The bizarre marriage of the mega corporations and the government is as indisoluble as a catholic marriage of centuries past. The addition of a resurgent socialism has created a deformed troika beyond the wildest imaginings of any mythology. The public space is now under heavy censorship

Those who want to overturn the residual wraith of liberty in the US are an odd lot. They seem oblivious of the past. Every prescription they offer to cure the ills of society has proved far worse than a placebo in the past. They seem bent on disproving Faulkner’s: The past is never dead. It’s not even past. Life is simple when the past is a blank slate. There are some downsides to a lousy education. Semiconsciousness mixed with lack of information may not stop furious activity, but it will generate unilluminated heat.

Mentioning education, can one still be had? Medical education is going down the memory hole. Soon you’ll be required to use a surgeon who has had sufficient sensitivity training to pass muster by the enlightened leaders of the healing arts who are indifferent to skill, but alert to outcomes. Patient beware. You may wish to keep your gallbladder to yourself.

OK, enough kvetching. What should be done? Easy to define, but virtually impossible to execute. The levers of power should be manipulated as close to those affected as possible. In other words, government should be as local as possible. Power may still corrupt, but when exerted locally the citizen has a chance to right things. A handful out of 330 million can be ignored or even punished. But if the same number of citizens (it’s not a dirty word) is part of 30 thousand they can have a meaningful impact and cannot be easily ignored much less castigated. But those possessed of power will not relinquish it. So decentralization is suppositious. Also government should be as lean as possible. As a general rule, vote against every bond initiative.

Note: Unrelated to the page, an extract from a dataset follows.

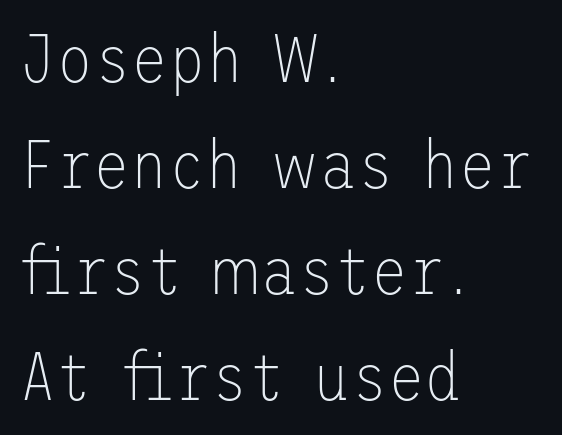
The image shows 68 px thin sans-serif type, upright; set left-aligned, normal line spacing (1.56x), normal letter spacing, not underlined; low stroke contrast and a medium x-height.

Polybius described how Scipio Aemelianus wept as he watched the destruction of Carthage that he had directed. When asked the reason for his tears he said that all things mortal are transitory and that one day the fate of Carthage would befall Rome. Sure enough, though it took 600 years, Rome fell. A later historian, Arnold Toynbee, declared that nations die by suicide. The US is putting Toynbee’s prediction to the test. The creation of previously invisible rights, limitless piles of computer generated money, genders by the bushel as part of the reimaging of biology – all by ledgerdomain combined with authoritarian rule and the abrogation of fundamental rights hitherto considered inviolable are sign of terminal distress. If an analogy to the seasons is allowed, we are into late fall. Enjoy the leaves.